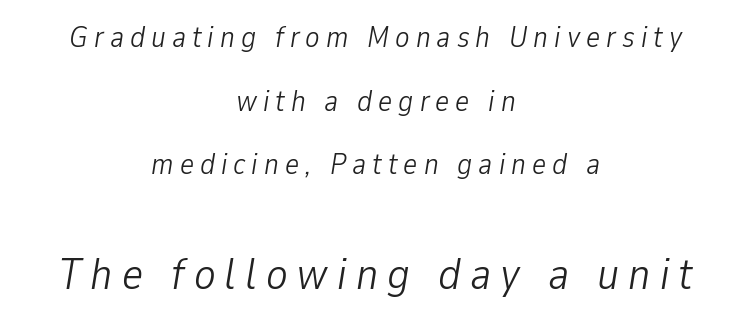
{"italic": "yes", "lean": "right", "slant_degrees": 9, "bold": "no", "weight": "light", "width": "condensed", "stroke_contrast": "low", "x_height": "medium", "monospaced": "no", "underline": "no", "align": "center", "line_spacing": "loose", "line_spacing_ratio": 2.12, "letter_spacing": "wide", "letter_spacing_em": 0.2, "larger_block": "second", "size_ratio": 1.5, "glyph_px": 45}
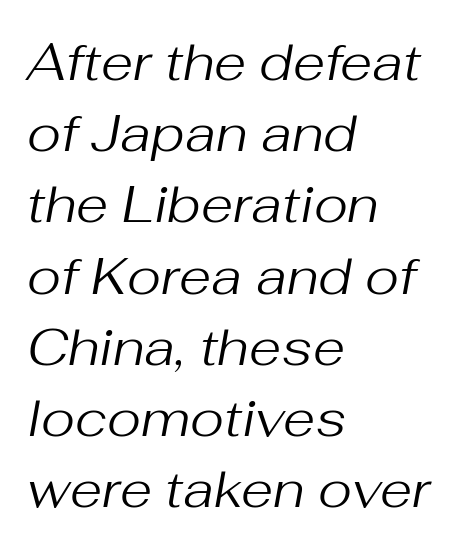
Q: Is the text bold? A: No.
Q: Is the text italic (slanted)? A: Yes, it leans right by about 10 degrees.
Q: Is the text underlined? A: No.
Q: How is the paragraph aligned? A: Left-aligned.
Q: Is the spacing between letters normal or unusually wide? A: Normal.
Q: Is the spacing between lines tight, normal or loose? A: Normal.
Q: Width (condensed, normal, or wide)? A: Normal.
Q: Stroke contrast? A: Medium.
Q: x-height? A: Medium.
Q: Monospaced? A: No.
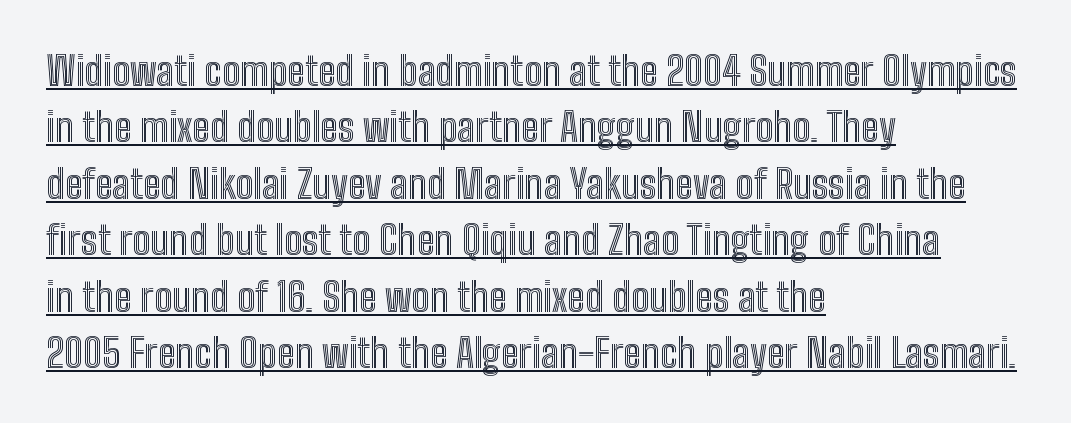
Q: Is the text italic (slanted)? A: No, it is upright.
Q: Is the text underlined? A: Yes.
Q: How is the paragraph aligned? A: Left-aligned.
Q: Is the spacing between letters normal or unusually wide? A: Normal.
Q: Is the spacing between lines tight, normal or loose? A: Normal.
Q: Width (condensed, normal, or wide)? A: Condensed.
Q: x-height? A: Medium.
Q: Monospaced? A: No.
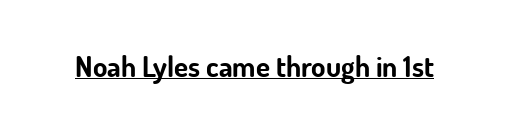
{"serif": "no", "italic": "no", "bold": "yes", "weight": "bold", "width": "normal", "stroke_contrast": "low", "x_height": "small", "monospaced": "no", "underline": "yes", "letter_spacing": "normal", "letter_spacing_em": 0.0, "glyph_px": 29}
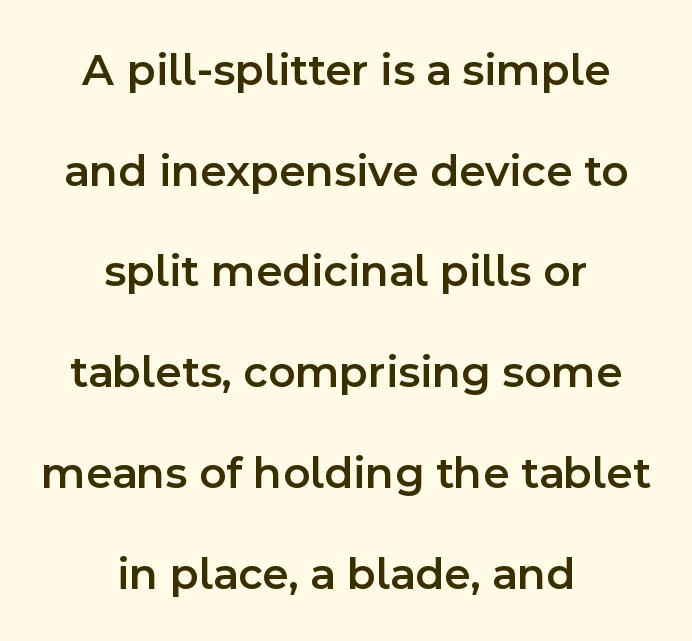
Q: Is the text bold? A: Semi-bold.
Q: Is the text italic (slanted)? A: No, it is upright.
Q: Is the typeface a serif or a sans-serif typeface? A: Sans-serif.
Q: Is the text underlined? A: No.
Q: How is the paragraph aligned? A: Centered.
Q: Is the spacing between letters normal or unusually wide? A: Normal.
Q: Is the spacing between lines tight, normal or loose? A: Loose.
Q: Width (condensed, normal, or wide)? A: Normal.
Q: x-height? A: Medium.
Q: Monospaced? A: No.
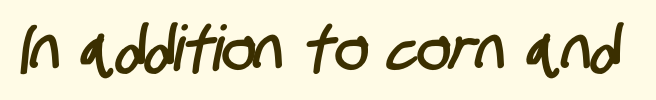
Character widths vary here, with narrow letters taking less room than wide ones. Letterform terminals end flat and unadorned throughout the passage. Underline: absent. The passage shown has conventional tracking throughout.
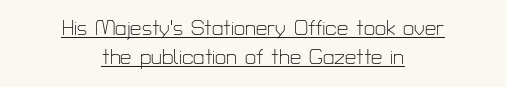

· · ·

### Problem details
Give the data again exactly, image-free.

### Answer for this exercise
{"italic": "yes", "lean": "right", "slant_degrees": 9, "bold": "no", "weight": "light", "width": "condensed", "stroke_contrast": "low", "x_height": "medium", "monospaced": "no", "underline": "no", "align": "center", "line_spacing": "loose", "line_spacing_ratio": 2.12, "letter_spacing": "wide", "letter_spacing_em": 0.2, "larger_block": "second", "size_ratio": 1.5, "glyph_px": 45}
Q: Is the text bold? A: No.
Q: Is the text italic (slanted)? A: Yes, it leans right by about 10 degrees.
Q: Is the text underlined? A: No.
Q: How is the paragraph aligned? A: Left-aligned.
Q: Is the spacing between letters normal or unusually wide? A: Normal.
Q: Is the spacing between lines tight, normal or loose? A: Normal.
Q: Width (condensed, normal, or wide)? A: Normal.
Q: Stroke contrast? A: Medium.
Q: x-height? A: Medium.
Q: Monospaced? A: No.
Q: Is the text italic (slanted)? A: No, it is upright.
Q: Is the text underlined? A: Yes.
Q: How is the paragraph aligned? A: Left-aligned.
Q: Is the spacing between letters normal or unusually wide? A: Normal.
Q: Is the spacing between lines tight, normal or loose? A: Normal.
Q: Width (condensed, normal, or wide)? A: Condensed.
Q: x-height? A: Medium.
Q: Monospaced? A: No.
{"serif": "no", "italic": "no", "bold": "yes", "weight": "bold", "width": "normal", "stroke_contrast": "low", "x_height": "small", "monospaced": "no", "underline": "yes", "letter_spacing": "normal", "letter_spacing_em": 0.0, "glyph_px": 29}
Q: Is the text bold? A: Semi-bold.
Q: Is the text italic (slanted)? A: No, it is upright.
Q: Is the typeface a serif or a sans-serif typeface? A: Sans-serif.
Q: Is the text underlined? A: No.
Q: How is the paragraph aligned? A: Centered.
Q: Is the spacing between letters normal or unusually wide? A: Normal.
Q: Is the spacing between lines tight, normal or loose? A: Loose.
Q: Width (condensed, normal, or wide)? A: Normal.
Q: x-height? A: Medium.
Q: Monospaced? A: No.
Character widths vary here, with narrow letters taking less room than wide ones. Letterform terminals end flat and unadorned throughout the passage. Underline: absent. The passage shown has conventional tracking throughout.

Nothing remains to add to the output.